Barclays Capital was assigned to provide advice on banking sector structure issues. It is also contributing advice on matters arising from the PCAR and PLAR.

Jean-Claude Trichet, President of the European Central Bank, Jyrki Katainen Finnish Minister for Finance and Olli Rehn, member of the European Commission, Brussels, March 14, 2011.

Karl Whelan, an economic professor at University College Dublin, proposes a solution in today's Irish Times for the €150bn owed by banks to the ECB and the Irish Central Bank.

He says: "In the absence of the banks raising private funding of anything close to this amount, I believe the answer is that the Central Bank loans need to be converted to equity. The problem is that many suspect the banks are insolvent but the scale of the insolvency hole is simply unknown. Under these conditions, it is hard to expect international stock or bond investors to hand over their money. However, if the €150 billion in funding from the ECB and Irish Central Bank is converted into equity, then these banks will immediately be solvent beyond even the doubts of the most pessimistic observers and, at that point, they could be sold into private ownership.

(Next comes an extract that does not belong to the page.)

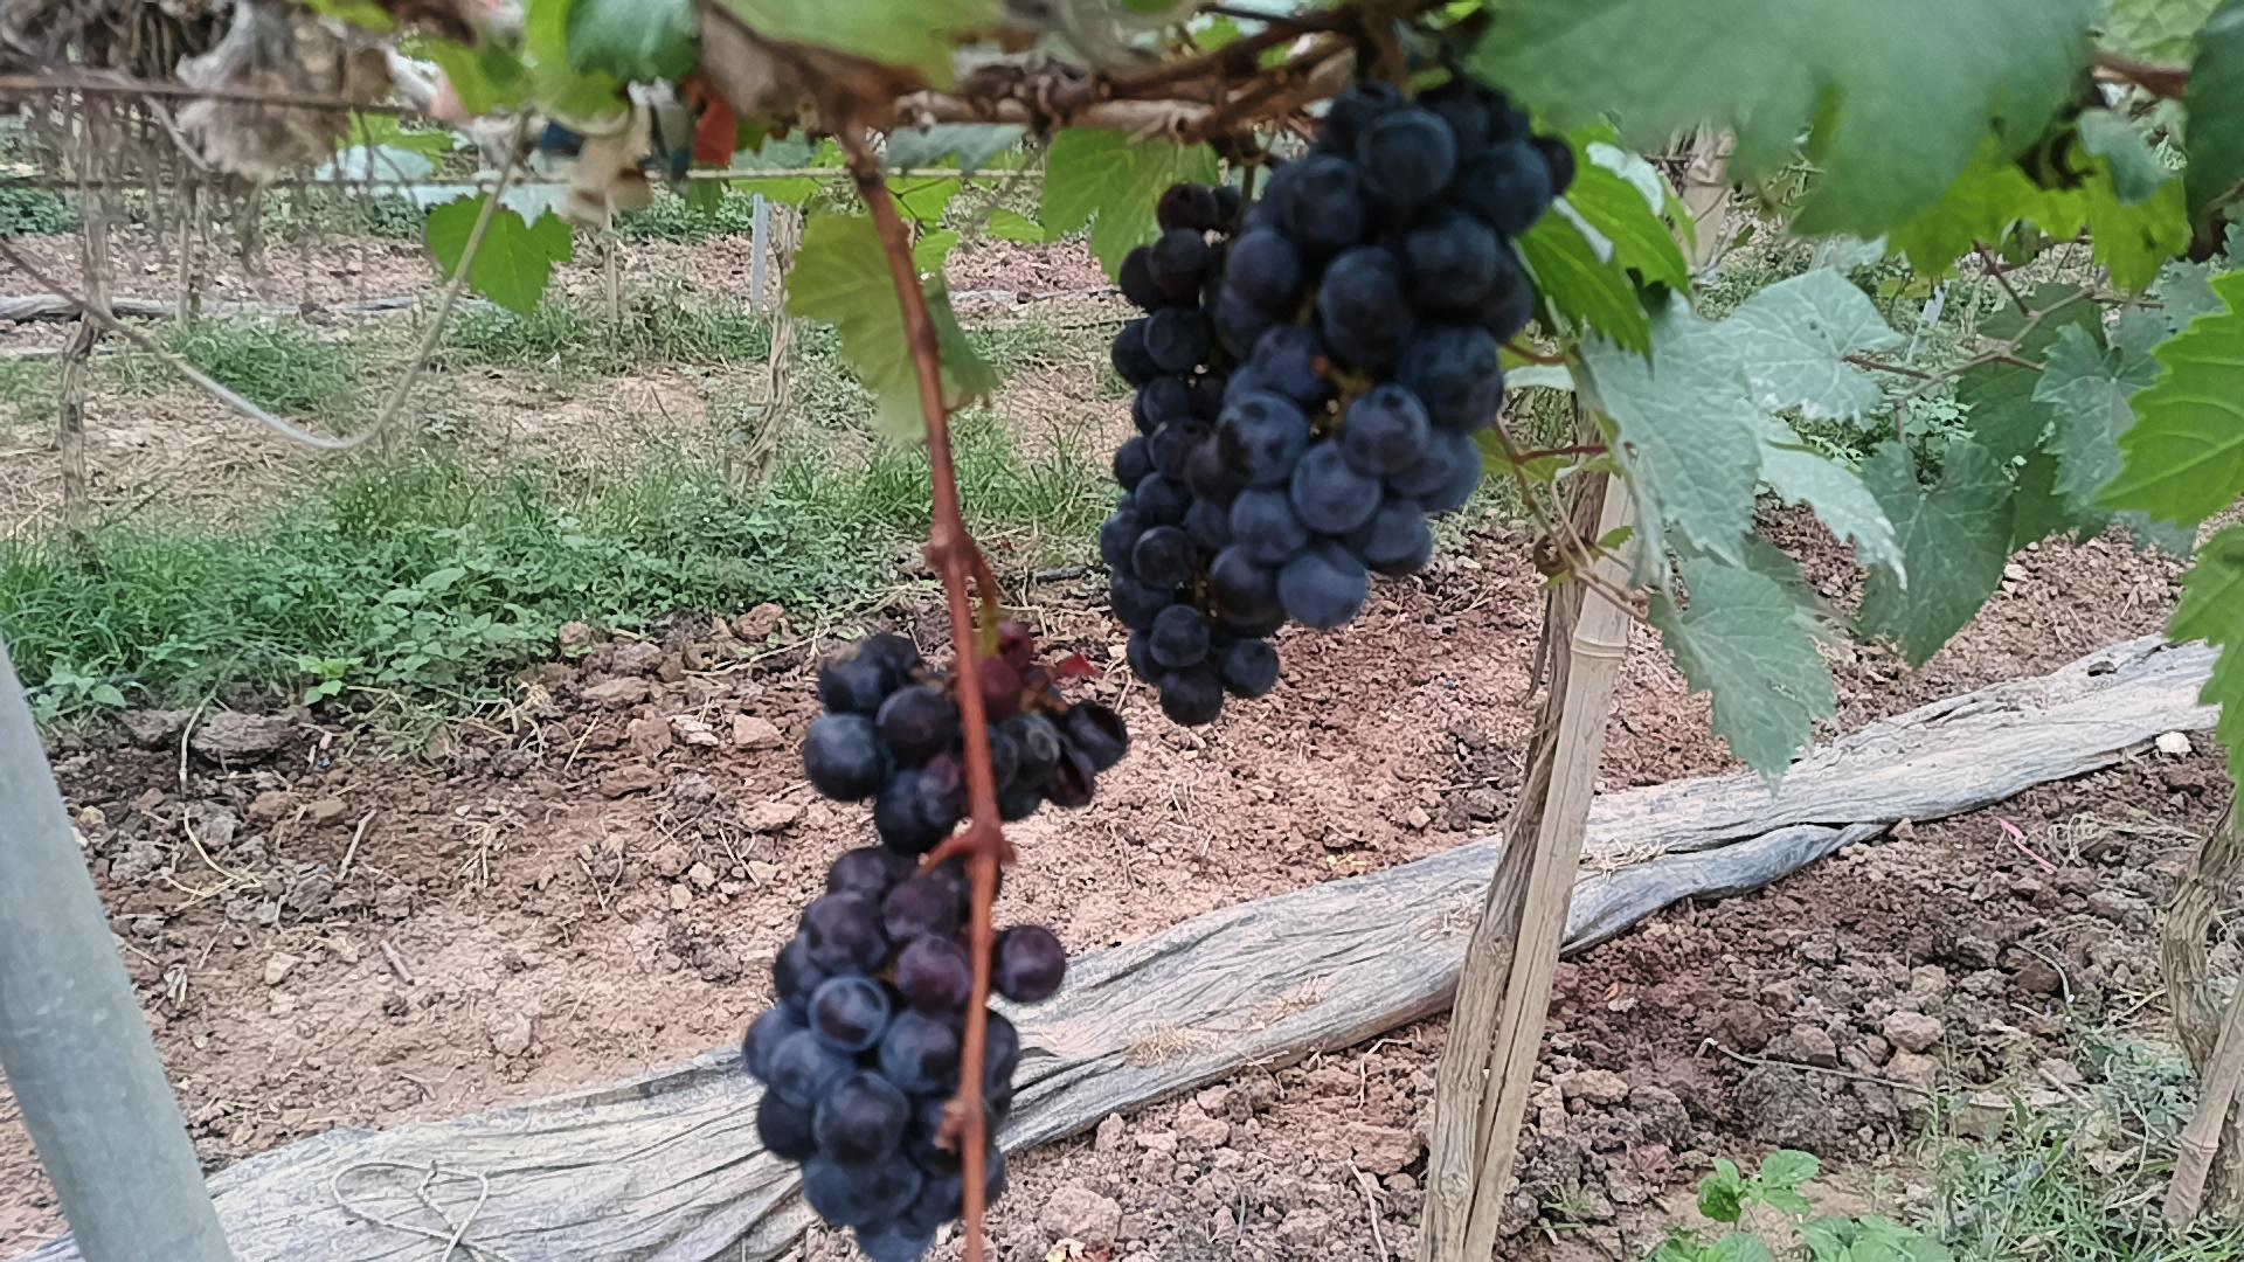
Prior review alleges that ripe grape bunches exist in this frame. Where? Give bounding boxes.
[1099,187,1277,726]
[1187,76,1579,631]
[744,616,1130,1261]

This equity conversion could work as follows. The European Financial Stability Facility could issue €80 billion in bonds, loaning these funds to the Irish banks, who would then pay off the ECB, allowing it walk away unscathed. The EFSF would then convert its €80 billion loan into an equity stake. Similarly, the Irish Central Bank would convert its ELA loans into equity with a legal promise from the Minister for Finance that any losses on the equity share would be covered by the State. The banks would then be owned by the EU and the Irish State but would be prepared for sale to private ownership."


It could be a good thing but don't expect it to happen soon.

Officials from the ECB are due to visit Dublin this week.